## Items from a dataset
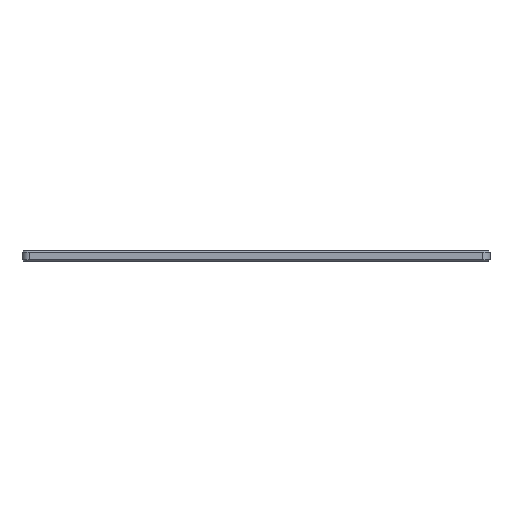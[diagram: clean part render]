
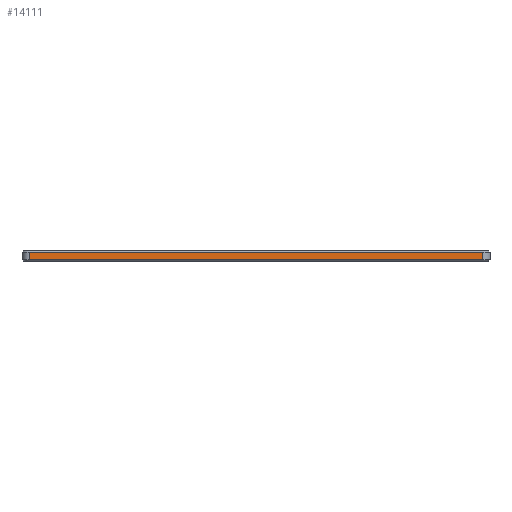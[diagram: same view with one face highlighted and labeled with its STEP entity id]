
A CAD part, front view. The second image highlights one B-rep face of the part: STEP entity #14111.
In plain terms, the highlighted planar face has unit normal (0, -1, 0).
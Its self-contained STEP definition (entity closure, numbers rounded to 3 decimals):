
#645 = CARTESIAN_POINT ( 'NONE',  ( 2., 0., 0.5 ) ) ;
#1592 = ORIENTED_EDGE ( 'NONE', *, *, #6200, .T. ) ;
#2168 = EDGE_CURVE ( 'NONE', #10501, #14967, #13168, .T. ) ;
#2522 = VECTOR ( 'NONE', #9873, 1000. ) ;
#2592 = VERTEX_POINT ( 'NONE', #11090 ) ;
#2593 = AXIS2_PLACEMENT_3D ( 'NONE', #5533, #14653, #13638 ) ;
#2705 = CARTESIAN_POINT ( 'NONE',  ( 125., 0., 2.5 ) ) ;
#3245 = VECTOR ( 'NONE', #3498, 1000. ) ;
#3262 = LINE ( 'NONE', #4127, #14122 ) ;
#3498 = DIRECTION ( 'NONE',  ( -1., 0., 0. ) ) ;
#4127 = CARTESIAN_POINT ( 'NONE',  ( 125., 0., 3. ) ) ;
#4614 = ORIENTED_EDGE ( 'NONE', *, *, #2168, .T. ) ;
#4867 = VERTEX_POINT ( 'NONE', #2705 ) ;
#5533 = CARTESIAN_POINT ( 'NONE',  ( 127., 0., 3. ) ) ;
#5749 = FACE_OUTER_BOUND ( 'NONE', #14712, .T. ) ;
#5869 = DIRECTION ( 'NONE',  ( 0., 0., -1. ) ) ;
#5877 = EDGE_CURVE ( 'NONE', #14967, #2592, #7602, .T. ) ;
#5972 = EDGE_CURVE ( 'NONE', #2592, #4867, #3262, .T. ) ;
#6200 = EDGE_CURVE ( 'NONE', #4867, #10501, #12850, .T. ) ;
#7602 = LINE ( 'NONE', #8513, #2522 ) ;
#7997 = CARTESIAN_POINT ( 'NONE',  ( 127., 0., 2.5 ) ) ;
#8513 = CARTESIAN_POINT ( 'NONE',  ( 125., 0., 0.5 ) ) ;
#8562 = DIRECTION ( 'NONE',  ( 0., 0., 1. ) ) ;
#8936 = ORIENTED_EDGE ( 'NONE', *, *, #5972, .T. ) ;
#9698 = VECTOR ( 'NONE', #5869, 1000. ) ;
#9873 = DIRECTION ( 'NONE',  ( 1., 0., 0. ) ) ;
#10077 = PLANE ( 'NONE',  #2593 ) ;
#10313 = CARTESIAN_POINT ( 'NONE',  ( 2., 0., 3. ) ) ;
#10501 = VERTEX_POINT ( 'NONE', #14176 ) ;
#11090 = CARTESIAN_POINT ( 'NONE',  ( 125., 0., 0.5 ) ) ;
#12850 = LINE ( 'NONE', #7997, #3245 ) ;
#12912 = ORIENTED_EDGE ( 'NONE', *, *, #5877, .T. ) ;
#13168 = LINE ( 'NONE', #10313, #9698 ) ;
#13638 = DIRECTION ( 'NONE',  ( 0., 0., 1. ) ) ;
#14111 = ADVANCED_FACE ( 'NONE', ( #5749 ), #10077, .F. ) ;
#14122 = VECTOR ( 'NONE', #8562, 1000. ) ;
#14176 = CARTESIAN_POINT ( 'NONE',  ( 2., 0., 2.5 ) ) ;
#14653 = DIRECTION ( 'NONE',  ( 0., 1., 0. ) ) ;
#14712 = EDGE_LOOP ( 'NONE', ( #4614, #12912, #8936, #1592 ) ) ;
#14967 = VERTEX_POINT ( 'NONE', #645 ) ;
==
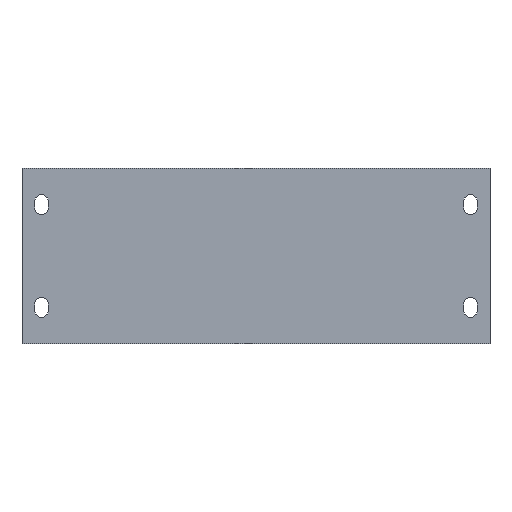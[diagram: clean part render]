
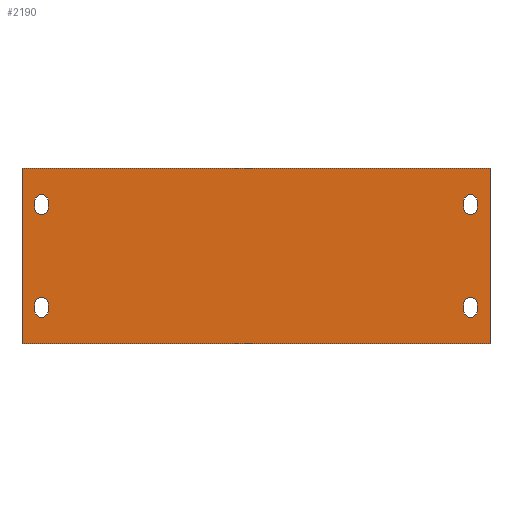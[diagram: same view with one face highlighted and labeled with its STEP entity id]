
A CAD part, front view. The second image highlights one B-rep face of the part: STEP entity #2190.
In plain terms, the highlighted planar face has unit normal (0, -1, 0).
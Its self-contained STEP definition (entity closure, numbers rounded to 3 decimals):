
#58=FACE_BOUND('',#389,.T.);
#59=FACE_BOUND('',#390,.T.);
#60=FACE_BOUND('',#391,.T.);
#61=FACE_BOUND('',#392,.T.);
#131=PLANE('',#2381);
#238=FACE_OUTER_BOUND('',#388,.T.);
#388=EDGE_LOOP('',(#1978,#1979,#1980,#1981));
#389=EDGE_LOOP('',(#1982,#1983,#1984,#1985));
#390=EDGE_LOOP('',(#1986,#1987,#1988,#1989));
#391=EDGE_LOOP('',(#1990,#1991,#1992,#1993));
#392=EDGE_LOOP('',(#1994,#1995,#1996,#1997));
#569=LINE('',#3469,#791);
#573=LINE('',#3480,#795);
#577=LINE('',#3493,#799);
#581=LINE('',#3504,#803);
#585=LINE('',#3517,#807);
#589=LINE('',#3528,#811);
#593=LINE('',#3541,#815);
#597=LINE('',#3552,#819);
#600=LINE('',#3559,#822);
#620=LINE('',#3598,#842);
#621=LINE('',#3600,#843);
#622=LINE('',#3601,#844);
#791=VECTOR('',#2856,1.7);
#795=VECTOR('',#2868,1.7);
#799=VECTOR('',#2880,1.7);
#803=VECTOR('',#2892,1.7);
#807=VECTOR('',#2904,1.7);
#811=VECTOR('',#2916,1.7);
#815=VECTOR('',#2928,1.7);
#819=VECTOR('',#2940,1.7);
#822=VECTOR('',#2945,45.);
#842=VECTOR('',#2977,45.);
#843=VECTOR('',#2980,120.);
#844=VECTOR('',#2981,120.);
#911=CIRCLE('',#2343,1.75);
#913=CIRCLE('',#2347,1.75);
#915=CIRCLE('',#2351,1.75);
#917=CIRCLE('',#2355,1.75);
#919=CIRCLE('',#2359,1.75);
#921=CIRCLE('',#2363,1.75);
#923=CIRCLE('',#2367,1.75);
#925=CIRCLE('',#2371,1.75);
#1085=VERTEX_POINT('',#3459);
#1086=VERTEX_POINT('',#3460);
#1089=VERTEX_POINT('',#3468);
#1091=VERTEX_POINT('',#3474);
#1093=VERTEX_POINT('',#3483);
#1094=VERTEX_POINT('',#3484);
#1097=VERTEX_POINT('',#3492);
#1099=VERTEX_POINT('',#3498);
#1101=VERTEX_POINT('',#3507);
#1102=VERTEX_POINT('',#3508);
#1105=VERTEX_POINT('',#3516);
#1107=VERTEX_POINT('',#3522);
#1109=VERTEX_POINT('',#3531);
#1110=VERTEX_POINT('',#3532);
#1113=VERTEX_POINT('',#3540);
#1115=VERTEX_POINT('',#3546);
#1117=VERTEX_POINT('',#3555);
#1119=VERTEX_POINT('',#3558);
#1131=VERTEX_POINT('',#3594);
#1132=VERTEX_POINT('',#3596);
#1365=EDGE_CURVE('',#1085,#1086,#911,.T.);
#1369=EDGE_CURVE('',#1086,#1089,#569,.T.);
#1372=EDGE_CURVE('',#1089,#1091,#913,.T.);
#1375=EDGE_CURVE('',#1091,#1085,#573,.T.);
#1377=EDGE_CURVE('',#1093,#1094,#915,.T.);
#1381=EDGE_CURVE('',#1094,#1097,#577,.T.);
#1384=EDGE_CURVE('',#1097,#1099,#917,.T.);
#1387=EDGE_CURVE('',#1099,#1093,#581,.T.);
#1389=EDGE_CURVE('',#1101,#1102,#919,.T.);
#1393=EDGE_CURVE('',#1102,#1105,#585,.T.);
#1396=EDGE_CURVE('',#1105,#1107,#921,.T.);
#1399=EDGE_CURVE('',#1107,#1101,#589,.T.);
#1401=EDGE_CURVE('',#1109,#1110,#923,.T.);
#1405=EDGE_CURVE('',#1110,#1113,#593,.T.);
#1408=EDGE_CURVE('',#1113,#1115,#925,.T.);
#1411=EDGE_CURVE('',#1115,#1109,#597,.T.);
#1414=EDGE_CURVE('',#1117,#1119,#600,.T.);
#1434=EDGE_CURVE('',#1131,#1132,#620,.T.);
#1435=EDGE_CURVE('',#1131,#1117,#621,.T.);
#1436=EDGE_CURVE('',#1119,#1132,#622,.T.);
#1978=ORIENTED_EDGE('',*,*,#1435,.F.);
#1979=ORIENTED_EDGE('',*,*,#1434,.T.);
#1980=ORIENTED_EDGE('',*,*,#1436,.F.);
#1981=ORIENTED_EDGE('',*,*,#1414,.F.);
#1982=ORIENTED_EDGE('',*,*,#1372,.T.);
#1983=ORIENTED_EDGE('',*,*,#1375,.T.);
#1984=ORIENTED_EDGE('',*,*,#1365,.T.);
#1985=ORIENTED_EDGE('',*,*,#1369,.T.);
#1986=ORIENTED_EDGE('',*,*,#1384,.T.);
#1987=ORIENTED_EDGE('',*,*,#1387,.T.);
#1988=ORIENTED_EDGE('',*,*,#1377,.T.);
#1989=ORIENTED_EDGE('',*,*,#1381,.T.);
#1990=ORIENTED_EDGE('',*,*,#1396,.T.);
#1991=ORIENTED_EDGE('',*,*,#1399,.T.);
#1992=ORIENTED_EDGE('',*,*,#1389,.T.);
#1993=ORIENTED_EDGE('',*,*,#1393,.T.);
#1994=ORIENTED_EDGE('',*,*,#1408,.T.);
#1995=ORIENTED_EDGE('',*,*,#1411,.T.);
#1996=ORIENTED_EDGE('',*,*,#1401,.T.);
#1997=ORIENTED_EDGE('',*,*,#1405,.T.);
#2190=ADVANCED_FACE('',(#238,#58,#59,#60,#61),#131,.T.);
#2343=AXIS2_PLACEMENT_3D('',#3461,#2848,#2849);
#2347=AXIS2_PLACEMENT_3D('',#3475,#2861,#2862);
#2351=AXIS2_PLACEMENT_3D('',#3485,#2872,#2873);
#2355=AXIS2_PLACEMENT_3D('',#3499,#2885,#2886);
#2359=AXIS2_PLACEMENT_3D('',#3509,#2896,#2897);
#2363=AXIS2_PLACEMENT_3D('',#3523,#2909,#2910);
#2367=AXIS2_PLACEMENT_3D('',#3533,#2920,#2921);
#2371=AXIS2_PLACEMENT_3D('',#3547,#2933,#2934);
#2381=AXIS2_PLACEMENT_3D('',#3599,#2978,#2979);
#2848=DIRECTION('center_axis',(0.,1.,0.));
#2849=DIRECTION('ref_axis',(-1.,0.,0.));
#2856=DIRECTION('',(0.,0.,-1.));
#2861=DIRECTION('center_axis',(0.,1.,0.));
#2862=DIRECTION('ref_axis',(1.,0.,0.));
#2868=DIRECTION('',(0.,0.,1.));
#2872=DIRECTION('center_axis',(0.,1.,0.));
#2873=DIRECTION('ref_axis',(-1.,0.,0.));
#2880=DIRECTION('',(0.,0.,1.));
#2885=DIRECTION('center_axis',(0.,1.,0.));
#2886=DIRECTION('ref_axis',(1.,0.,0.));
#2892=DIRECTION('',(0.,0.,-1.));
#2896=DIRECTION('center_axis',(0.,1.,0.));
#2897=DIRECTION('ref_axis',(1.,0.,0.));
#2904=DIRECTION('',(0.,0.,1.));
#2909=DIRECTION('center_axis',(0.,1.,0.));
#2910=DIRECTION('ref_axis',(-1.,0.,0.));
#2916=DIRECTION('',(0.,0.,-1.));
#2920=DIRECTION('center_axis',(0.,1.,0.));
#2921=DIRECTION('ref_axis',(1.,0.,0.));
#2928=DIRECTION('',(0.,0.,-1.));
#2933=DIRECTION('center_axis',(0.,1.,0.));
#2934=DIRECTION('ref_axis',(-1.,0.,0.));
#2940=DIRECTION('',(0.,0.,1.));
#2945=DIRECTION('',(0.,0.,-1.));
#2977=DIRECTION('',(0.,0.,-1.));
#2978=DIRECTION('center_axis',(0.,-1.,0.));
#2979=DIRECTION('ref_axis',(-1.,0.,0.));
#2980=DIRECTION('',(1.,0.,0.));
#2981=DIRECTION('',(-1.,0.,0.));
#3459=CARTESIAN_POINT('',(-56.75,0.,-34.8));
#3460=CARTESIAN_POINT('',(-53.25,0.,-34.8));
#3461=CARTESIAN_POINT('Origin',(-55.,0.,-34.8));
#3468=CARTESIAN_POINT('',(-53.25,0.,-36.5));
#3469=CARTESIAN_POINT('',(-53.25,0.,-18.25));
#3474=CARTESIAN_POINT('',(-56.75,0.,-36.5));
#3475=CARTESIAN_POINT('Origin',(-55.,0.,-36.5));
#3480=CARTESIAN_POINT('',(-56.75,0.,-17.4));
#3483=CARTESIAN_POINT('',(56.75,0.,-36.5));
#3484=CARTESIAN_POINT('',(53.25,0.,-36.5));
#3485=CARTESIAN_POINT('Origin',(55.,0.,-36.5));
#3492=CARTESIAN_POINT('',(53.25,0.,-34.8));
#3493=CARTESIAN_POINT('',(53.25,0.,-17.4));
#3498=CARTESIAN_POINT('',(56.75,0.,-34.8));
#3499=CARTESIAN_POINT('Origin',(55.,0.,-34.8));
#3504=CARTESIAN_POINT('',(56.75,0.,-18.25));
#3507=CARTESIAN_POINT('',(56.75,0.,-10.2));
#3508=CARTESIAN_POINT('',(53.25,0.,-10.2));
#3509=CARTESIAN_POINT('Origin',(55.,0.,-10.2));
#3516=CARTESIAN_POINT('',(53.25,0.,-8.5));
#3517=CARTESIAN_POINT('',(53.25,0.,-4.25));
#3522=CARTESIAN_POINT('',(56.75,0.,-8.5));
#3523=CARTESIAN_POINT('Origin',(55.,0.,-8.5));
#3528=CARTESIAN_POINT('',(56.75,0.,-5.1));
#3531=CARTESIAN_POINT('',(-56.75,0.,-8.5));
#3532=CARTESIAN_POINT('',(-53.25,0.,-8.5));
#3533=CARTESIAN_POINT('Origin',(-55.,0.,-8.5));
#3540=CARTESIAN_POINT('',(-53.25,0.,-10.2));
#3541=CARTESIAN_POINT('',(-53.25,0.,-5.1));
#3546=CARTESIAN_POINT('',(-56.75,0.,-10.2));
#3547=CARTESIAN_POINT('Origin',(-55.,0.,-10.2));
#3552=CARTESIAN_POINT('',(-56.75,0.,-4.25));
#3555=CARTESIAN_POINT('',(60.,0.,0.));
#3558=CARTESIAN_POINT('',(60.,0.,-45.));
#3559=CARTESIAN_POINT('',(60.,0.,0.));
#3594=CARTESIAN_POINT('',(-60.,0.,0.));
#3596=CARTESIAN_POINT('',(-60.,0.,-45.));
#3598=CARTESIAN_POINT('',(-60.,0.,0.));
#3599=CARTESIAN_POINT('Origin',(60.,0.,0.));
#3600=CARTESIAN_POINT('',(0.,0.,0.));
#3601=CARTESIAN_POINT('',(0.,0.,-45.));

## Problem details
Look back at the data above. Transcribe exactly the lines starting at the line that contains "#1985=ORIENTED_EDGE('',*,*,#1369,.T.);" and ending at the line that contains "#1992=ORIENTED_EDGE('',*,*,#1389,.T.);".

## Solution for this task
#1985=ORIENTED_EDGE('',*,*,#1369,.T.);
#1986=ORIENTED_EDGE('',*,*,#1384,.T.);
#1987=ORIENTED_EDGE('',*,*,#1387,.T.);
#1988=ORIENTED_EDGE('',*,*,#1377,.T.);
#1989=ORIENTED_EDGE('',*,*,#1381,.T.);
#1990=ORIENTED_EDGE('',*,*,#1396,.T.);
#1991=ORIENTED_EDGE('',*,*,#1399,.T.);
#1992=ORIENTED_EDGE('',*,*,#1389,.T.);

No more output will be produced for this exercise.